Elon: "I think I probably am a bit crazy. But I think maybe that’s sort of a healthy sign. Because there’s a point at which you can conclude that you're not crazy at all, then you probably are. It's sort of a recursive thing."

At the risk of invading Elon's personal life, one could go further and investigate his father Errol Musk, who was an electrical & mechanical engineer back in South Africa, to see if there is a biological explanation for any potential personality disorders.

Elon said this about his father: "Quite an astute engineer, although he's gone a little crazy later in life. I don't think he has all his cookies in the jar." Source: http://www.gq.com/news-politics/newsmakers/200901/elon-musk-...

Does this mean that Elon is crazy?
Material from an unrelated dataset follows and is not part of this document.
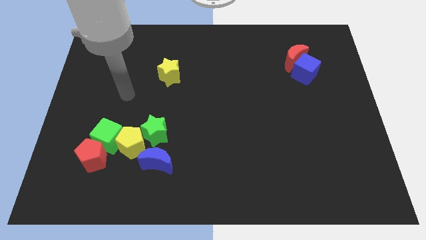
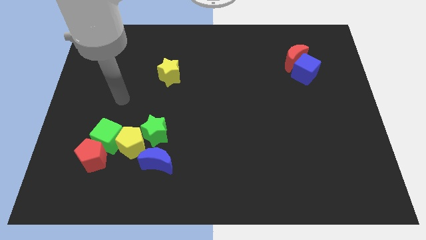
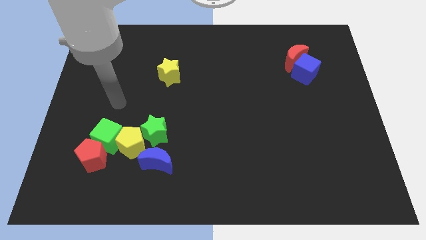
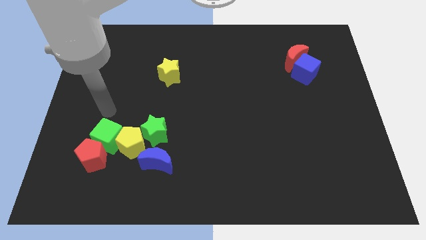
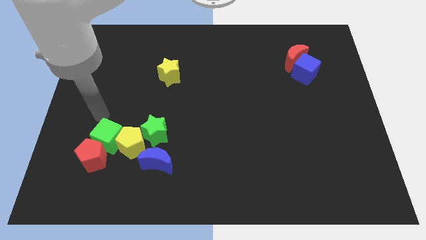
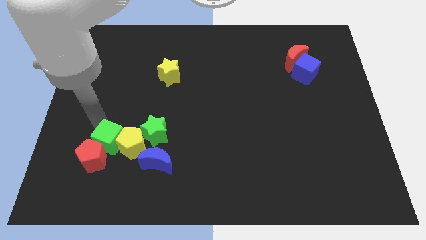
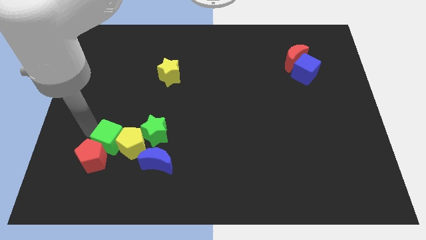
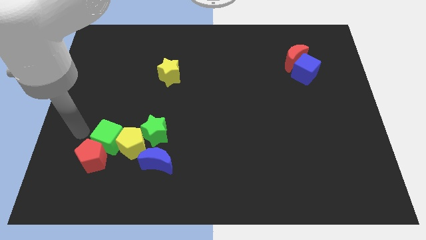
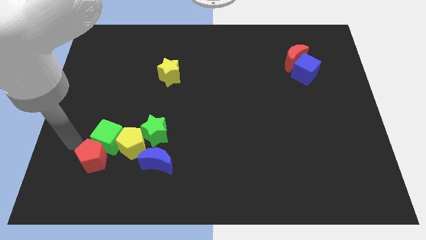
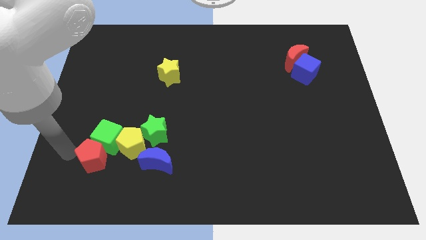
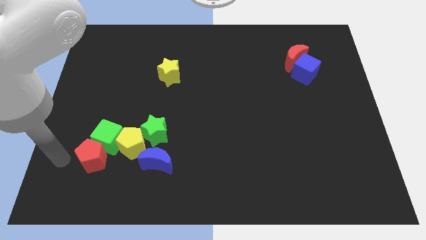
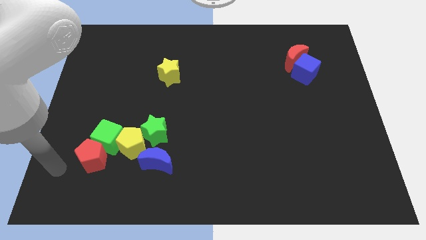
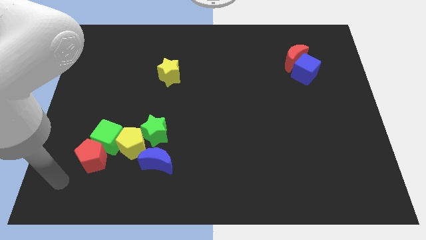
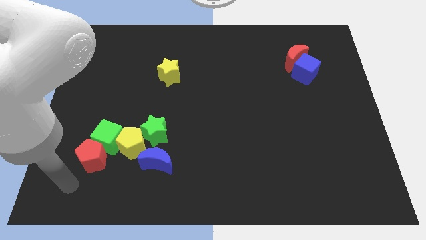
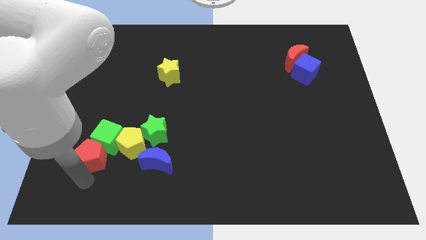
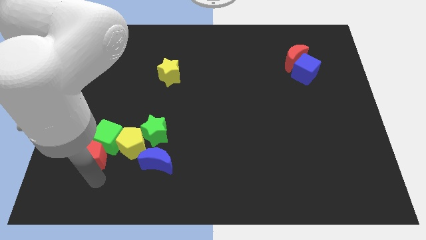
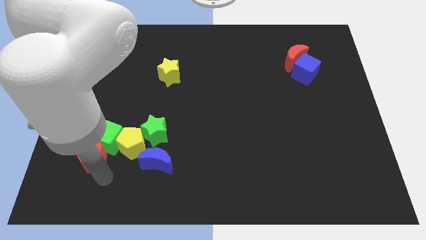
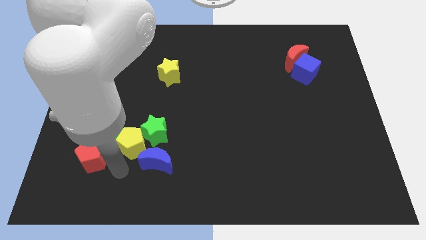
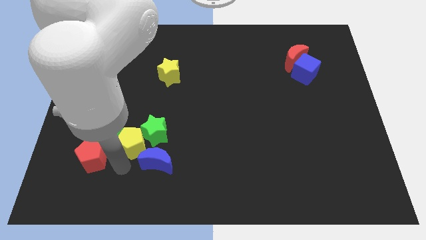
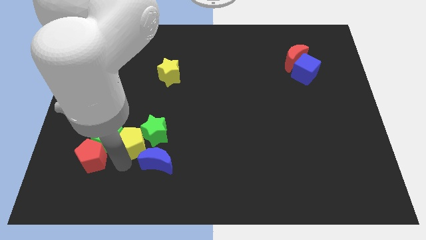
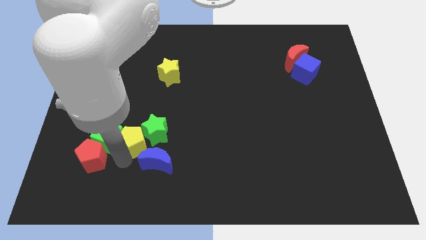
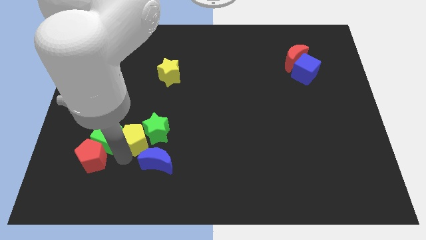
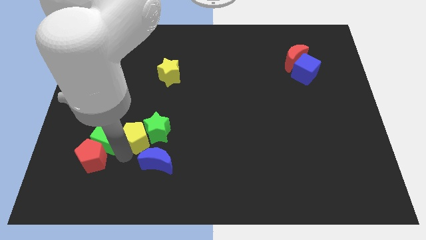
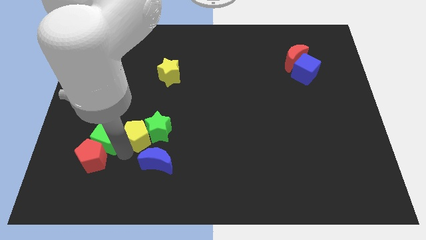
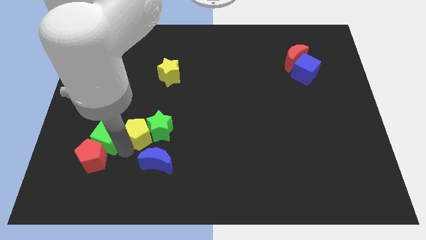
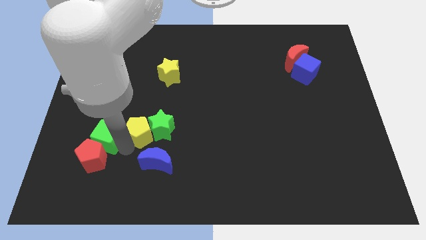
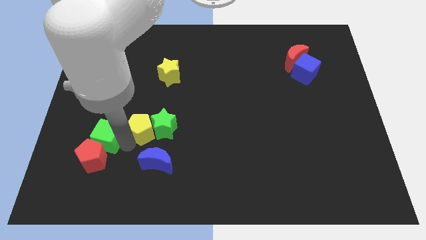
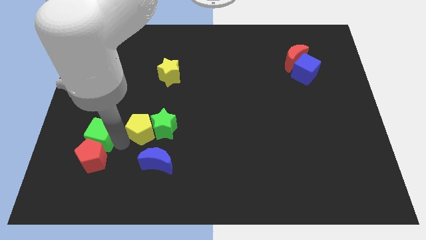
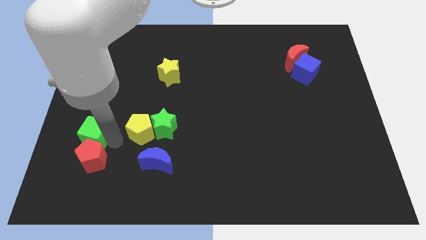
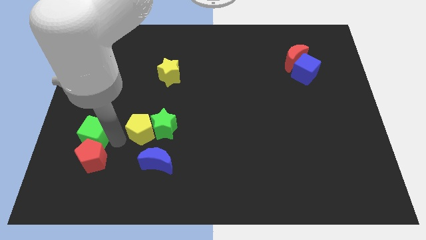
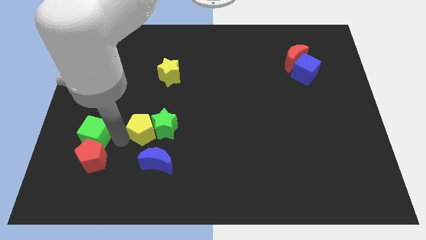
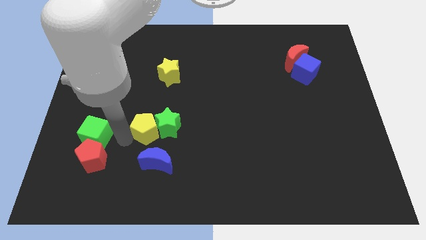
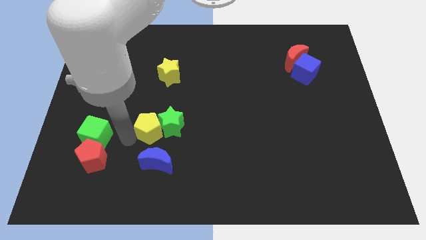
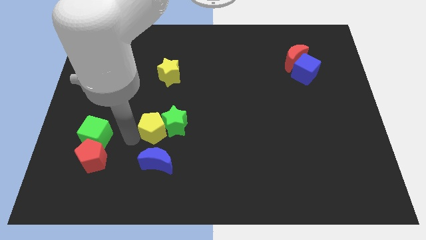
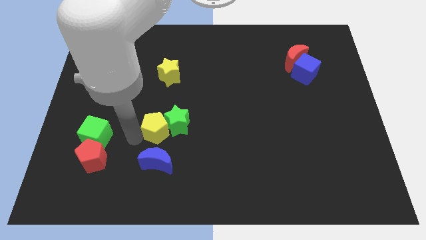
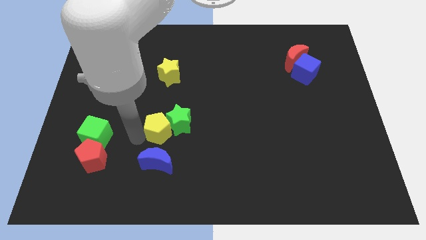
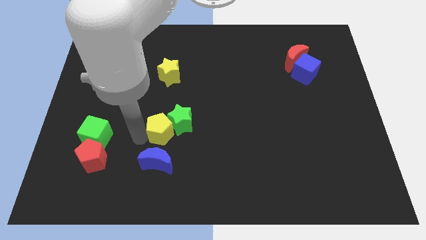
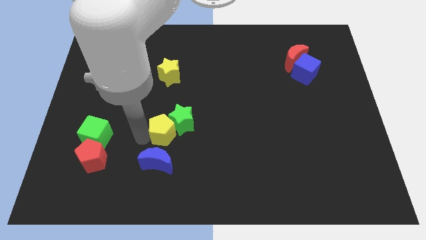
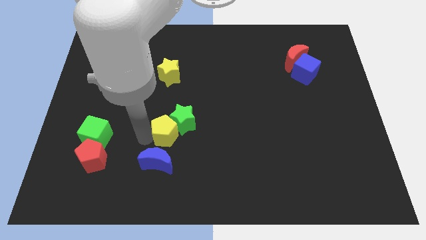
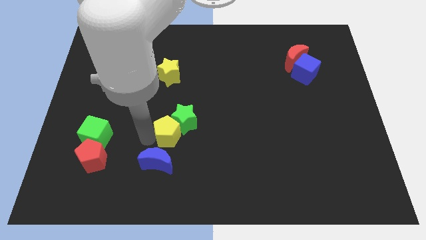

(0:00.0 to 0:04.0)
move the yellow pentagon to the right a little

I have no idea, but I think that he's a very logical person with life experiences that makes him a huge risk taker. For example, he tweeted briefly about the benefits of near death here: https://twitter.com/elonmusk/status/152394000857448448 On his google plus about page, he wrote "Not dead yet" on his bragging rights section. So really, his worst case scenario is dying. That's his mental trick of making so many crazy risky decisions, as long as they are based on logic. That mindset cannot simply be attained by anyone, you have to experience near-death to truly get it. Mike Lazerow is another good example of such an entrepreneur. Background Story: http://www.lazerow.com/2012/06/a-new-beginning.html#tpe-acti...

Also he thinks that people should be less risk averse (8m10s) because even if they fail, it's not like they're going to starve. Source: http://www.youtube.com/watch?v=5nMQ0-1jqFs#t=5m55s This is probably based on his college experiment of eating for just $1 a day without getting scurvy, or perhaps his direct observations of starvation in South Africa. I honestly have no idea, just pure speculations.

So yeah, I hope that helps enlighten a little bit of how Elon can be such a risk-taker.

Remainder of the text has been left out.